1. Philosophy / D. Nature of Philosophy / 5. Aims of Philosophy / a. Philosophy as worldly
Honesty requires philosophical theories we can commit to with our ordinary commonsense [Lewis]
     Full Idea: The maxim of honesty: never put forward a philosophical theory that you yourself cannot believe in your least philosophical and most commonsensical moments.
     From: David Lewis (On the Plurality of Worlds [1986], 2.8)
     A reaction: I take it as important that this test is according to the philosopher's commonsense, and not according to some populist idea. This would allow, for example, for commonsense to be sensitive to scientific knowledge, or awareness of the logic.
1. Philosophy / D. Nature of Philosophy / 5. Aims of Philosophy / c. Philosophy as generalisation
The highest aim of philosophy is to combine all philosophies into a unity [Novalis]
     Full Idea: He attains the maximum of a philosopher who combines all philosophies into a single philosophy
     From: Novalis (Logological Fragments II [1798], 31)
     A reaction: I have found the epigraph for my big book! Recently a few narrowly analytical philosophers have attempted big books about everything (Sider, Heil, Chalmers), and they get a huge round of applause from me.
Philosophy relies on our whole system of learning, and can thus never be complete [Novalis]
     Full Idea: Now all learning is connected - thus philosophy will never be complete. Only in the complete system of all learning will philosophy be truly visible.
     From: Novalis (Logological Fragments II [1798], 39)
     A reaction: Philosophy is evidently the unifying subject, which reveals the point of all the other subjects. It matches my maxim that 'science is the servant of philosophy'.
1. Philosophy / D. Nature of Philosophy / 5. Aims of Philosophy / d. Philosophy as puzzles
Philosophers feed on problems, hoping they are digestible, and spiced with paradox [Novalis]
     Full Idea: The philosopher lives on problems as the human being does on food. An insoluble problem is an indigestible food. What spice is to food, the paradoxical is to problems.
     From: Novalis (Logological Fragments II [1798], 09)

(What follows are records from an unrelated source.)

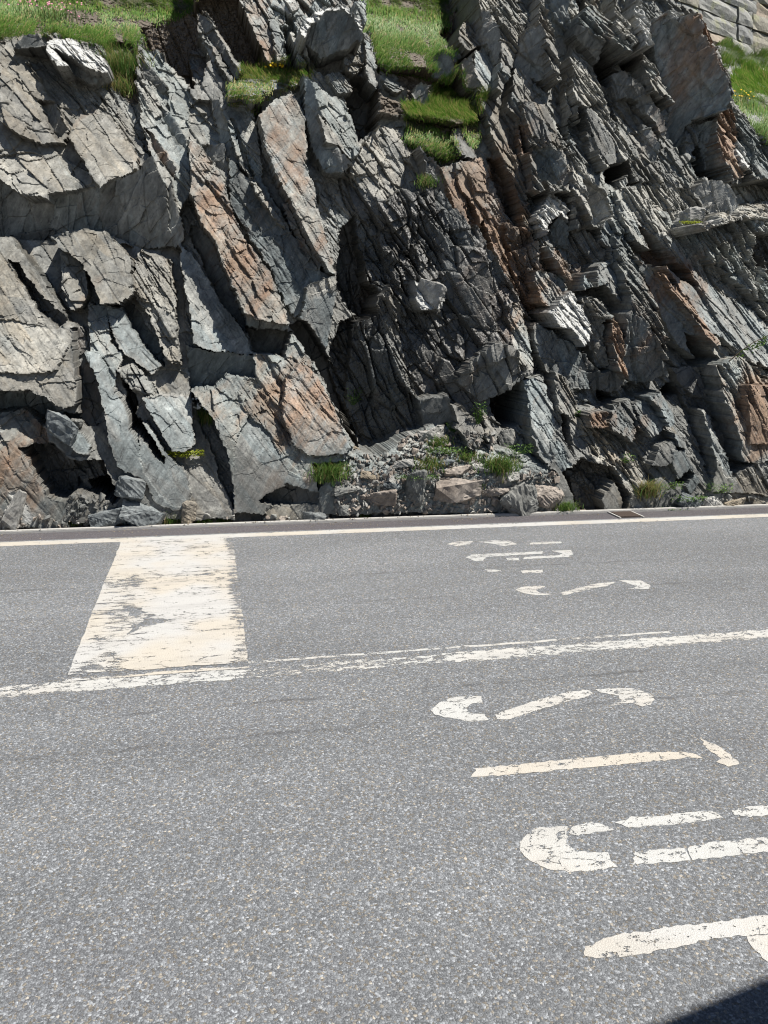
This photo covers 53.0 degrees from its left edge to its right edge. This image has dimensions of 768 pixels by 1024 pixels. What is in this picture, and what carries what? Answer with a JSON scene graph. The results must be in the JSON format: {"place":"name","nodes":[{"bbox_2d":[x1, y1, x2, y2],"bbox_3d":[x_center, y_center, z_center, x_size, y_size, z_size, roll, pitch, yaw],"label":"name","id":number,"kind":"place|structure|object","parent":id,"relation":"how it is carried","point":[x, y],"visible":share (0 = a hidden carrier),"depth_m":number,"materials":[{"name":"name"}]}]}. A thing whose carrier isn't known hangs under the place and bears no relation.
{"place":"outdoors","nodes":[
{"label":"outdoors","id":0,"kind":"place"},
{"bbox_2d":[224,53,316,115],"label":"grass","id":1,"kind":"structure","parent":0,"point":[250,70],"depth_m":7.73,"materials":[{"name":"green plant"}]},
{"bbox_2d":[0,0,767,529],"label":"cliff","id":2,"kind":"structure","parent":0,"point":[178,232],"depth_m":7.63,"materials":[{"name":"grey stone"}]},
{"bbox_2d":[2,490,26,529],"bbox_3d":[-3.070,-0.022,6.408,0.148,0.337,0.093,15,7,-25],"label":"rock","id":3,"kind":"object","parent":2,"relation":"on","point":[12,515],"visible":1,"depth_m":6.38,"materials":[{"name":"grey stone"}]},
{"bbox_2d":[3,0,108,24],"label":"flower clump","id":4,"kind":"object","parent":2,"relation":"on","point":[55,11],"visible":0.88,"depth_m":7.72,"materials":[{"name":"green plant"}]},
{"bbox_2d":[45,410,78,445],"bbox_3d":[-2.701,-0.714,6.446,0.300,0.213,0.126,27,14,-1],"label":"rock","id":5,"kind":"object","parent":2,"relation":"on","point":[63,428],"visible":1,"depth_m":6.39,"materials":[{"name":"grey stone"}]},
{"bbox_2d":[70,418,82,428],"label":"rock","id":6,"kind":"object","parent":2,"relation":"on","point":[78,423],"visible":0.58,"depth_m":6.56,"materials":[{"name":"grey stone"}]},
{"bbox_2d":[0,0,197,53],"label":"grass","id":7,"kind":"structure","parent":2,"relation":"on","point":[98,35],"depth_m":7.79,"materials":[{"name":"green plant"}]},
{"bbox_2d":[102,71,136,98],"bbox_3d":[-2.575,-4.130,7.477,0.422,0.235,0.397,2,13,5],"label":"grass tuft","id":8,"kind":"object","parent":2,"relation":"on","point":[124,88],"visible":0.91,"depth_m":7.48,"materials":[{"name":"green plant"}]},
{"bbox_2d":[95,41,156,83],"bbox_3d":[-2.662,-4.396,7.583,0.909,0.449,0.708,-2,14,-12],"label":"grass tuft","id":9,"kind":"object","parent":2,"relation":"on","point":[123,64],"visible":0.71,"depth_m":7.52,"materials":[{"name":"green plant"}]},
{"bbox_2d":[161,449,203,457],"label":"moss","id":10,"kind":"object","parent":2,"relation":"on","point":[183,454],"visible":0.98,"depth_m":6.71,"materials":[{"name":"green plant"}]},
{"bbox_2d":[192,398,215,427],"bbox_3d":[-1.629,-0.885,6.935,0.325,0.334,0.281,-2,14,-12],"label":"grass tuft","id":11,"kind":"object","parent":2,"relation":"on","point":[205,416],"visible":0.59,"depth_m":6.97,"materials":[{"name":"green plant"}]},
{"bbox_2d":[261,62,288,75],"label":"flower clump","id":12,"kind":"object","parent":2,"relation":"on","point":[273,69],"visible":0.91,"depth_m":7.85,"materials":[{"name":"green plant"}]},
{"bbox_2d":[2,427,559,527],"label":"gravel","id":13,"kind":"structure","parent":2,"relation":"on","point":[415,451],"depth_m":7.24,"materials":[{"name":"grey gravel"}]},
{"bbox_2d":[337,505,349,515],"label":"rock","id":14,"kind":"object","parent":13,"relation":"on","point":[342,510],"visible":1,"depth_m":6.99,"materials":[{"name":"grey stone"}]},
{"bbox_2d":[363,489,397,505],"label":"rock","id":15,"kind":"object","parent":13,"relation":"on","point":[387,498],"visible":1,"depth_m":7.04,"materials":[{"name":"stone"}]},
{"bbox_2d":[383,482,401,490],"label":"rock","id":16,"kind":"object","parent":15,"relation":"on","point":[390,486],"visible":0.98,"depth_m":7.05,"materials":[{"name":"grey stone"}]},
{"bbox_2d":[387,475,401,483],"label":"rock","id":17,"kind":"object","parent":13,"relation":"on","point":[392,479],"visible":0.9,"depth_m":7.06,"materials":[{"name":"grey stone"}]},
{"bbox_2d":[405,469,427,505],"bbox_3d":[0.287,-0.231,7.112,0.199,0.350,0.104,9,13,-4],"label":"rock","id":18,"kind":"object","parent":13,"relation":"on","point":[415,489],"visible":0.98,"depth_m":7.08,"materials":[{"name":"grey stone"}]},
{"bbox_2d":[395,473,439,480],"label":"weed","id":19,"kind":"object","parent":13,"relation":"on","point":[418,476],"visible":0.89,"depth_m":7.08,"materials":[{"name":"green plant"}]},
{"bbox_2d":[437,459,454,465],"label":"rock","id":20,"kind":"object","parent":13,"relation":"on","point":[450,461],"visible":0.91,"depth_m":7.20,"materials":[{"name":"grey stone"}]},
{"bbox_2d":[444,465,470,476],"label":"rock","id":21,"kind":"object","parent":13,"relation":"on","point":[460,470],"visible":0.98,"depth_m":7.19,"materials":[{"name":"beige stone"}]},
{"bbox_2d":[481,488,508,496],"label":"rock","id":22,"kind":"object","parent":13,"relation":"on","point":[490,492],"visible":0.85,"depth_m":7.27,"materials":[{"name":"brown stone"}]},
{"bbox_2d":[505,471,519,481],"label":"rock","id":23,"kind":"object","parent":13,"relation":"on","point":[515,476],"visible":0.95,"depth_m":7.31,"materials":[{"name":"grey stone"}]},
{"bbox_2d":[535,485,564,507],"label":"rock","id":24,"kind":"object","parent":13,"relation":"on","point":[550,496],"visible":0.88,"depth_m":7.39,"materials":[{"name":"brown stone"}]},
{"bbox_2d":[303,458,356,485],"bbox_3d":[-0.482,-0.361,6.924,0.529,0.292,0.439,-2,14,-12],"label":"grass tuft","id":25,"kind":"object","parent":2,"relation":"on","point":[332,473],"visible":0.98,"depth_m":6.90,"materials":[{"name":"green plant"}]},
{"bbox_2d":[332,483,359,495],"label":"rock","id":26,"kind":"object","parent":2,"relation":"on","point":[340,490],"visible":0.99,"depth_m":6.96,"materials":[{"name":"grey stone"}]},
{"bbox_2d":[345,388,361,404],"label":"weed","id":27,"kind":"object","parent":2,"relation":"on","point":[352,402],"visible":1,"depth_m":7.69,"materials":[{"name":"green plant"}]},
{"bbox_2d":[360,471,379,479],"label":"rock","id":28,"kind":"object","parent":2,"relation":"on","point":[366,474],"visible":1,"depth_m":7.00,"materials":[{"name":"beige stone"}]},
{"bbox_2d":[392,459,414,468],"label":"rock","id":29,"kind":"object","parent":2,"relation":"on","point":[403,463],"visible":1,"depth_m":7.12,"materials":[{"name":"grey stone"}]},
{"bbox_2d":[358,0,468,96],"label":"grass","id":30,"kind":"structure","parent":2,"relation":"on","point":[412,40],"depth_m":8.52,"materials":[{"name":"green plant"}]},
{"bbox_2d":[418,430,425,436],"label":"rock","id":31,"kind":"object","parent":2,"relation":"on","point":[420,433],"visible":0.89,"depth_m":7.37,"materials":[{"name":"grey stone"}]},
{"bbox_2d":[414,171,443,190],"bbox_3d":[0.446,-3.255,7.575,0.323,0.187,0.258,-2,14,-12],"label":"grass tuft","id":32,"kind":"object","parent":2,"relation":"on","point":[422,182],"visible":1,"depth_m":7.58,"materials":[{"name":"green plant"}]},
{"bbox_2d":[410,453,451,473],"bbox_3d":[0.426,-0.441,7.173,0.478,0.234,0.321,-2,14,-12],"label":"grass tuft","id":33,"kind":"object","parent":2,"relation":"on","point":[430,463],"visible":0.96,"depth_m":7.14,"materials":[{"name":"green plant"}]},
{"bbox_2d":[417,425,445,442],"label":"rock","id":34,"kind":"object","parent":2,"relation":"on","point":[440,430],"visible":0.94,"depth_m":7.38,"materials":[{"name":"grey stone"}]},
{"bbox_2d":[417,278,446,307],"bbox_3d":[0.452,-2.137,7.476,0.286,0.226,0.126,27,15,0],"label":"rock","id":35,"kind":"object","parent":2,"relation":"on","point":[433,293],"visible":1,"depth_m":7.43,"materials":[{"name":"grey stone"}]},
{"bbox_2d":[424,433,456,449],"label":"grass tuft","id":36,"kind":"object","parent":2,"relation":"on","point":[437,443],"visible":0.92,"depth_m":7.34,"materials":[{"name":"green plant"}]},
{"bbox_2d":[424,446,467,453],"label":"weed","id":37,"kind":"object","parent":2,"relation":"on","point":[445,451],"visible":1,"depth_m":7.27,"materials":[{"name":"green plant"}]},
{"bbox_2d":[400,67,492,164],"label":"grass","id":38,"kind":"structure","parent":2,"relation":"on","point":[437,107],"depth_m":7.97,"materials":[{"name":"green plant"}]},
{"bbox_2d":[433,477,482,502],"bbox_3d":[0.682,-0.205,7.214,0.449,0.244,0.152,2,13,-12],"label":"rock","id":39,"kind":"object","parent":2,"relation":"on","point":[455,490],"visible":1,"depth_m":7.16,"materials":[{"name":"brown stone"}]},
{"bbox_2d":[449,448,483,463],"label":"grass tuft","id":40,"kind":"object","parent":2,"relation":"on","point":[463,456],"visible":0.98,"depth_m":7.28,"materials":[{"name":"green plant"}]},
{"bbox_2d":[467,462,490,471],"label":"rock","id":41,"kind":"object","parent":2,"relation":"on","point":[476,466],"visible":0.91,"depth_m":7.26,"materials":[{"name":"grey stone"}]},
{"bbox_2d":[472,401,486,423],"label":"weed","id":42,"kind":"object","parent":2,"relation":"on","point":[478,420],"visible":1,"depth_m":7.39,"materials":[{"name":"green plant"}]},
{"bbox_2d":[472,450,524,479],"bbox_3d":[1.095,-0.443,7.237,0.534,0.339,0.522,11,16,35],"label":"grass tuft","id":43,"kind":"object","parent":2,"relation":"on","point":[500,465],"visible":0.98,"depth_m":7.25,"materials":[{"name":"green plant"}]},
{"bbox_2d":[497,428,516,447],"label":"rock","id":44,"kind":"object","parent":2,"relation":"on","point":[507,436],"visible":0.81,"depth_m":7.57,"materials":[{"name":"grey stone"}]},
{"bbox_2d":[504,443,533,454],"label":"weed","id":45,"kind":"object","parent":2,"relation":"on","point":[522,452],"visible":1,"depth_m":7.40,"materials":[{"name":"green plant"}]},
{"bbox_2d":[620,453,634,462],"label":"weed","id":46,"kind":"object","parent":2,"relation":"on","point":[626,458],"visible":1,"depth_m":7.63,"materials":[{"name":"green plant"}]},
{"bbox_2d":[631,477,670,500],"bbox_3d":[2.641,-0.233,7.634,0.440,0.273,0.420,9,15,30],"label":"grass tuft","id":47,"kind":"object","parent":2,"relation":"on","point":[648,490],"visible":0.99,"depth_m":7.64,"materials":[{"name":"green plant"}]},
{"bbox_2d":[656,481,682,489],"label":"weed","id":48,"kind":"object","parent":2,"relation":"on","point":[671,485],"visible":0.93,"depth_m":7.70,"materials":[{"name":"green plant"}]},
{"bbox_2d":[679,221,701,223],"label":"moss","id":49,"kind":"object","parent":2,"relation":"on","point":[690,221],"visible":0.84,"depth_m":8.24,"materials":[{"name":"green plant"}]},
{"bbox_2d":[679,206,705,224],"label":"rock","id":50,"kind":"object","parent":2,"relation":"on","point":[695,213],"visible":0.9,"depth_m":8.25,"materials":[{"name":"grey stone"}]},
{"bbox_2d":[704,483,733,493],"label":"weed","id":51,"kind":"object","parent":2,"relation":"on","point":[720,488],"visible":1,"depth_m":7.82,"materials":[{"name":"green plant"}]},
{"bbox_2d":[677,0,767,55],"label":"stone wall","id":52,"kind":"structure","parent":2,"relation":"on","point":[744,22],"depth_m":12.15,"materials":[{"name":"beige stone"}]},
{"bbox_2d":[717,36,767,146],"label":"grass","id":53,"kind":"structure","parent":2,"relation":"on","point":[749,75],"depth_m":10.45,"materials":[{"name":"green plant"}]},
{"bbox_2d":[731,89,754,107],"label":"flower clump","id":54,"kind":"object","parent":2,"relation":"on","point":[745,98],"visible":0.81,"depth_m":8.93,"materials":[{"name":"yellow plant"}]},
{"bbox_2d":[729,335,767,361],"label":"weed","id":55,"kind":"object","parent":2,"relation":"on","point":[764,342],"visible":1,"depth_m":7.78,"materials":[{"name":"green plant"}]},
{"bbox_2d":[0,513,767,1023],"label":"road","id":56,"kind":"structure","parent":0,"point":[330,845],"depth_m":2.93,"materials":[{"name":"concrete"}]},
{"bbox_2d":[65,537,248,680],"bbox_3d":[-1.403,0.518,5.069,0.895,0.001,2.572,-2,14,-12],"label":"stop line","id":57,"kind":"object","parent":56,"relation":"on","point":[175,636],"visible":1,"depth_m":4.70,"materials":[{"name":"paint"}]},
{"bbox_2d":[0,507,767,540],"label":"gutter","id":58,"kind":"object","parent":56,"relation":"on","point":[199,530],"visible":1,"depth_m":6.87,"materials":[{"name":"concrete"}]},
{"bbox_2d":[608,511,643,517],"bbox_3d":[2.337,0.023,7.450,0.262,0.012,0.237,-2,14,-12],"label":"drain grate","id":59,"kind":"object","parent":58,"relation":"on","point":[622,514],"visible":1,"depth_m":7.42,"materials":[{"name":"metal"}]},
{"bbox_2d":[0,629,767,696],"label":"line","id":60,"kind":"object","parent":56,"relation":"on","point":[87,685],"visible":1,"depth_m":4.06,"materials":[{"name":"paint"}]},
{"bbox_2d":[0,514,767,545],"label":"edge line","id":61,"kind":"object","parent":56,"relation":"on","point":[353,531],"visible":1,"depth_m":6.69,"materials":[{"name":"paint"}]},
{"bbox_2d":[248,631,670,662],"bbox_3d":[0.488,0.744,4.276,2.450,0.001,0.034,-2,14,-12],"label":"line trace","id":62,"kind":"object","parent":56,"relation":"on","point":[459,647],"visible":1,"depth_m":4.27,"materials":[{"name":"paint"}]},
{"bbox_2d":[449,540,649,594],"bbox_3d":[1.189,0.390,5.832,1.103,0.001,1.392,-2,14,-12],"label":"stop lettering","id":63,"kind":"object","parent":56,"relation":"on","point":[567,554],"visible":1,"depth_m":5.93,"materials":[{"name":"paint"}]},
{"bbox_2d":[431,688,767,961],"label":"stop lettering","id":64,"kind":"object","parent":56,"relation":"on","point":[745,926],"visible":1,"depth_m":2.64,"materials":[{"name":"white paint"}]},
{"label":"verge","id":65,"kind":"structure","parent":0,"visible":0},
{"bbox_2d":[88,507,126,526],"bbox_3d":[-2.354,0.053,6.583,0.306,0.150,0.096,-12,15,-5],"label":"rock","id":66,"kind":"object","parent":65,"relation":"on","point":[107,517],"visible":0.86,"depth_m":6.54,"materials":[{"name":"grey stone"}]},
{"bbox_2d":[156,514,180,524],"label":"grass tuft","id":67,"kind":"object","parent":65,"relation":"on","point":[170,521],"visible":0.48,"depth_m":6.74,"materials":[{"name":"green plant"}]},
{"bbox_2d":[181,500,196,523],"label":"rock","id":68,"kind":"object","parent":65,"relation":"on","point":[188,513],"visible":0.92,"depth_m":6.70,"materials":[{"name":"brown stone"}]},
{"bbox_2d":[191,518,217,523],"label":"grass tuft","id":69,"kind":"object","parent":65,"relation":"on","point":[202,521],"visible":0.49,"depth_m":6.83,"materials":[{"name":"green plant"}]},
{"bbox_2d":[210,518,231,522],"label":"grass tuft","id":70,"kind":"object","parent":65,"relation":"on","point":[222,520],"visible":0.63,"depth_m":6.89,"materials":[{"name":"green plant"}]},
{"bbox_2d":[302,511,325,519],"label":"rock","id":71,"kind":"object","parent":65,"relation":"on","point":[309,515],"visible":0.78,"depth_m":6.94,"materials":[{"name":"grey stone"}]},
{"bbox_2d":[357,514,370,517],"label":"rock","id":72,"kind":"object","parent":65,"relation":"on","point":[363,515],"visible":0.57,"depth_m":7.17,"materials":[{"name":"grey stone"}]},
{"bbox_2d":[1,508,751,538],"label":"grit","id":73,"kind":"object","parent":65,"relation":"on","point":[323,523],"visible":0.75,"depth_m":6.86,"materials":[{"name":"grey gravel"}]},
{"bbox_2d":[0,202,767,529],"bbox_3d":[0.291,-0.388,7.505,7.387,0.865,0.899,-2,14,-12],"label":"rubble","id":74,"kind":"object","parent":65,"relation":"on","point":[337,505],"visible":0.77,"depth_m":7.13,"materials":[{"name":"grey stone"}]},
{"bbox_2d":[702,496,722,505],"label":"rock","id":75,"kind":"object","parent":74,"relation":"on","point":[712,501],"visible":0.92,"depth_m":7.82,"materials":[{"name":"grey stone"}]},
{"bbox_2d":[500,482,538,515],"bbox_3d":[1.309,-0.125,7.383,0.434,0.351,0.220,34,-5,-31],"label":"rock","id":76,"kind":"object","parent":65,"relation":"on","point":[520,499],"visible":0.79,"depth_m":7.29,"materials":[{"name":"grey stone"}]},
{"bbox_2d":[553,498,583,511],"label":"grass tuft","id":77,"kind":"object","parent":65,"relation":"on","point":[568,506],"visible":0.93,"depth_m":7.47,"materials":[{"name":"green plant"}]},
{"bbox_2d":[674,492,703,506],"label":"rock","id":78,"kind":"object","parent":65,"relation":"on","point":[685,503],"visible":0.84,"depth_m":7.75,"materials":[{"name":"grey stone"}]},
{"bbox_2d":[672,495,708,501],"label":"weed","id":79,"kind":"object","parent":78,"relation":"on","point":[691,498],"visible":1,"depth_m":7.74,"materials":[{"name":"green plant"}]},
{"label":"ground","id":80,"kind":"structure","parent":0,"visible":0},
{"bbox_2d":[0,504,767,533],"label":"kerb","id":81,"kind":"structure","parent":80,"relation":"on","point":[47,530],"depth_m":7.00,"materials":[{"name":"concrete"}]},
{"bbox_2d":[118,499,163,525],"bbox_3d":[-2.091,0.028,6.635,0.361,0.202,0.125,17,6,-26],"label":"rock","id":82,"kind":"object","parent":81,"relation":"on","point":[136,513],"visible":0.99,"depth_m":6.58,"materials":[{"name":"grey stone"}]},
{"bbox_2d":[114,475,145,498],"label":"rock","id":83,"kind":"object","parent":82,"relation":"on","point":[127,486],"visible":1,"depth_m":6.52,"materials":[{"name":"grey stone"}]},
{"bbox_2d":[723,497,745,505],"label":"rock","id":84,"kind":"object","parent":81,"relation":"on","point":[740,501],"visible":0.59,"depth_m":7.86,"materials":[{"name":"brown stone"}]}
]}

     A reaction: Novalis would presumably have disliked Hegel's dialectic, where the best food seems to be the indigestible.
1. Philosophy / E. Nature of Metaphysics / 3. Metaphysical Systems
Philosophy aims to produce a priori an absolute and artistic world system [Novalis]
     Full Idea: Philosophy ...is the art of producing all our conceptions according to an absolute, artistic idea and of developing the thought of a world system a priori out of the depths of our spirit.
     From: Novalis (Logological Fragments II [1798], 19)
     A reaction: A lovely statement of the dream of building world systems by pure thought - embodying perfectly the view of philosophy despised by logical positivists and modern logical metaphysicians. The Novalis view will never die! I like 'artistic'.
1. Philosophy / F. Analytic Philosophy / 1. Nature of Analysis
Analysis reduces primitives and makes understanding explicit (without adding new knowledge) [Lewis]
     Full Idea: The object of analysis is to reduce our burden of primitive notions, and to make tacit understanding explicit - not to bootstrap ourselves into understanding what we didn't understand at all beforehand.
     From: David Lewis (On the Plurality of Worlds [1986], 3.2)
     A reaction: I am particularly keen on the idea of 'making tacit understanding explicit'. I connect this with faith in intuition, and with the coherence view of justification.